Records excerpted from a collection:
|---|

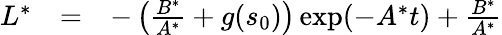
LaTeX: \begin{array}{rcl}{L^{*}}&{=}&{-\left(\frac{B^{*}}{A^{*}}+g(s_{0})\right)\exp(-A^{*}t)+\frac{B^{*}}{A^{*}}}\end{array}
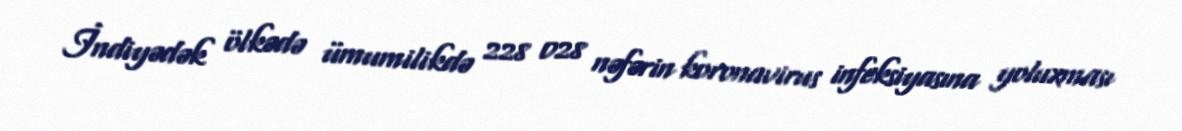
İndiyədək ölkədə ümumilikdə 228 028 nəfərin koronavirus infeksiyasına yoluxması
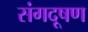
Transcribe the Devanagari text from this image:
संगदूषण
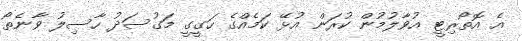
އެ އޮތޯރިޓީ އުވާލުމުން ކުރަން އުޅޭ ކަމެއްގެ ހަގީގީ މަގުސަދު ހާސިލު ވާނެތޯ
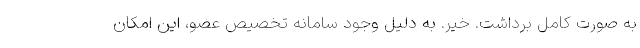
به صورت کامل برداشت. خیر. به دلیل وجود سامانه تخصیص عضو، این امکان
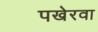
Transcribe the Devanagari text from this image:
पखेरवा
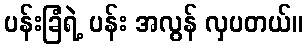
ပန်းခြံရဲ့ ပန်း အလွန် လှပတယ်။
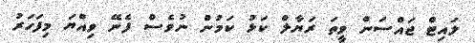
ލައިޓް ޖައްސަން ވީތަ ރަޔާލް ކަޅު ކަމުން ނުވެސް ފެނޭ ވިއްޔަ މިފަހަރު
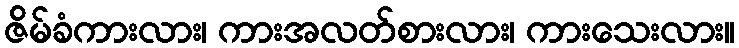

|---|

* What the task requires *
Write the records above out again exactly, with no pictures in your copy.

* Expected answer *
LaTeX: \begin{array}{rcl}{L^{*}}&{=}&{-\left(\frac{B^{*}}{A^{*}}+g(s_{0})\right)\exp(-A^{*}t)+\frac{B^{*}}{A^{*}}}\end{array}
İndiyədək ölkədə ümumilikdə 228 028 nəfərin koronavirus infeksiyasına yoluxması
Transcribe the Devanagari text from this image:
संगदूषण
އެ އޮތޯރިޓީ އުވާލުމުން ކުރަން އުޅޭ ކަމެއްގެ ހަގީގީ މަގުސަދު ހާސިލު ވާނެތޯ
به صورت کامل برداشت. خیر. به دلیل وجود سامانه تخصیص عضو، این امکان
Transcribe the Devanagari text from this image:
पखेरवा
ပန်းခြံရဲ့ ပန်း အလွန် လှပတယ်။
ލައިޓް ޖައްސަން ވީތަ ރަޔާލް ކަޅު ކަމުން ނުވެސް ފެނޭ ވިއްޔަ މިފަހަރު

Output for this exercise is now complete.